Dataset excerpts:
————————

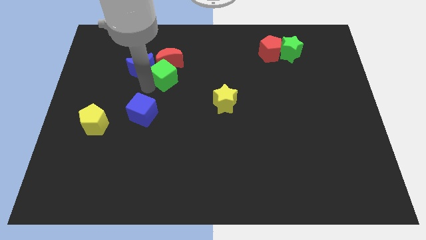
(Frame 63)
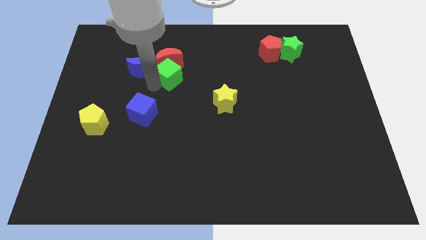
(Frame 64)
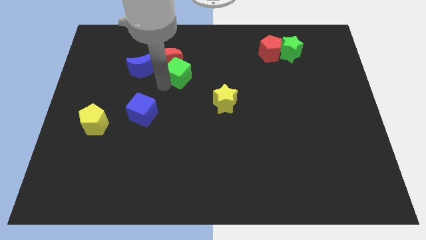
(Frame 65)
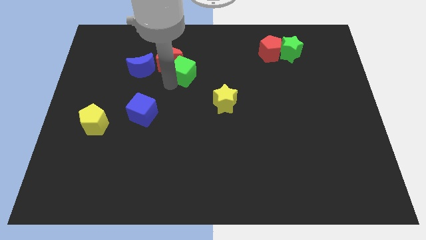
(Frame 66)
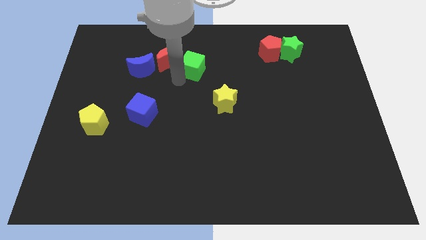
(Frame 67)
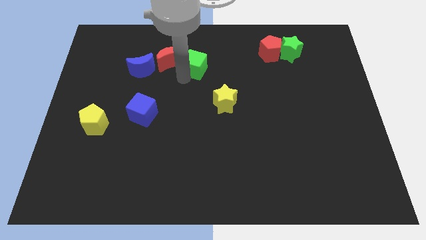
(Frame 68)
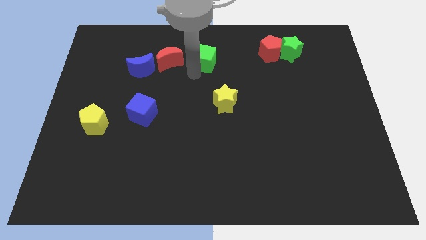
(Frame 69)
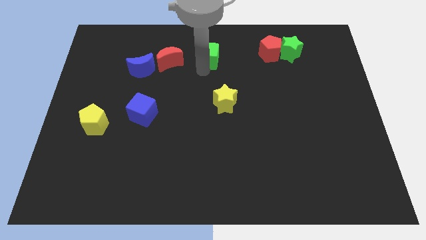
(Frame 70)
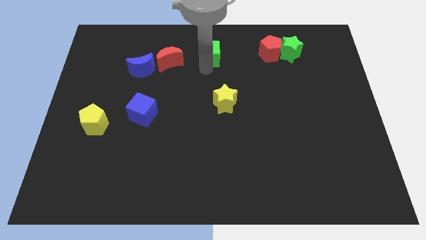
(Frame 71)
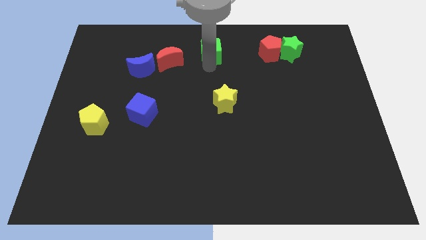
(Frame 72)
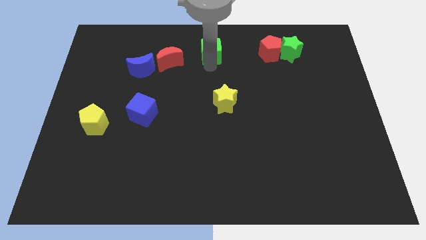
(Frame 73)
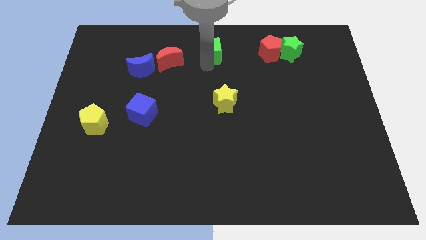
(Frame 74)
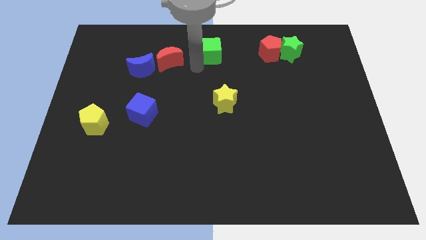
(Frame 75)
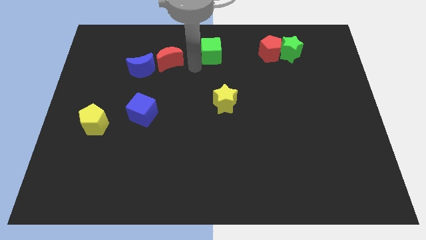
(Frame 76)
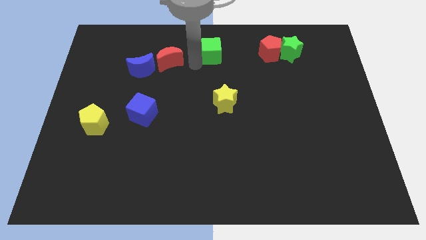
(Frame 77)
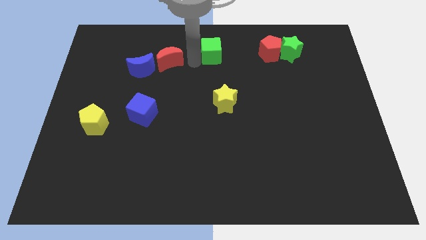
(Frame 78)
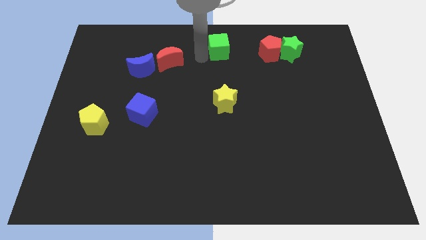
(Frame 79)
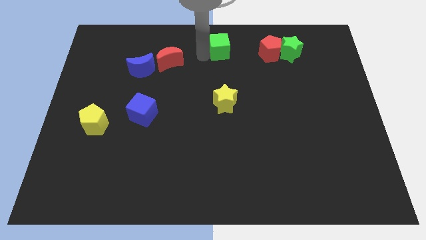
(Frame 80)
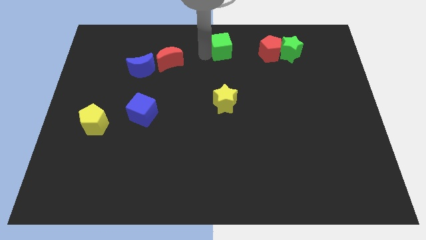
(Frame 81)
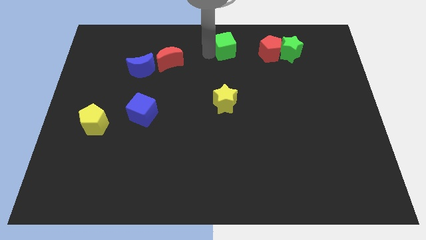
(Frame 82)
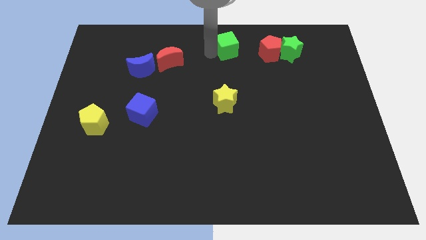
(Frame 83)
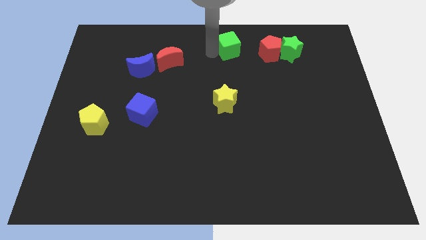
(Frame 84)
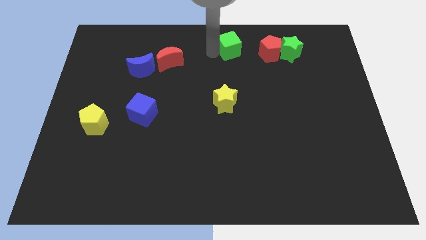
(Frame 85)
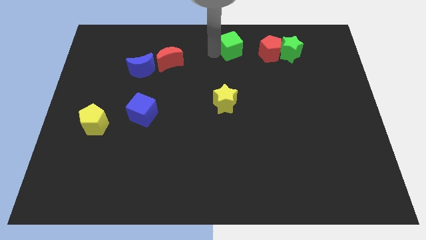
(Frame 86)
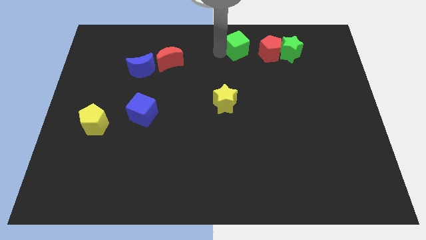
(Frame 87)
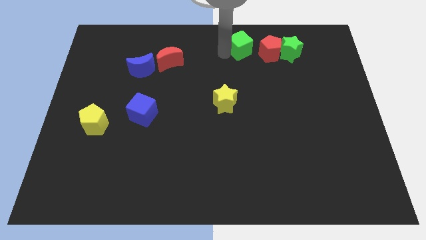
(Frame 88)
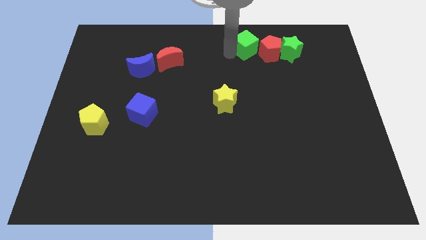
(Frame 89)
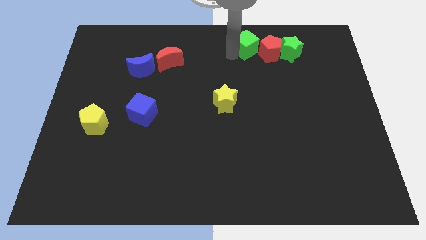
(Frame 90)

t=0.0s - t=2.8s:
separate red moon and green cube

————————

▶ _EXERCISE AIM_
In repeating the lines above, keep the wording exact and leave every picture out.

▶ _TASK SOLUTION_
(Frame 63)
(Frame 64)
(Frame 65)
(Frame 66)
(Frame 67)
(Frame 68)
(Frame 69)
(Frame 70)
(Frame 71)
(Frame 72)
(Frame 73)
(Frame 74)
(Frame 75)
(Frame 76)
(Frame 77)
(Frame 78)
(Frame 79)
(Frame 80)
(Frame 81)
(Frame 82)
(Frame 83)
(Frame 84)
(Frame 85)
(Frame 86)
(Frame 87)
(Frame 88)
(Frame 89)
(Frame 90)

t=0.0s - t=2.8s:
separate red moon and green cube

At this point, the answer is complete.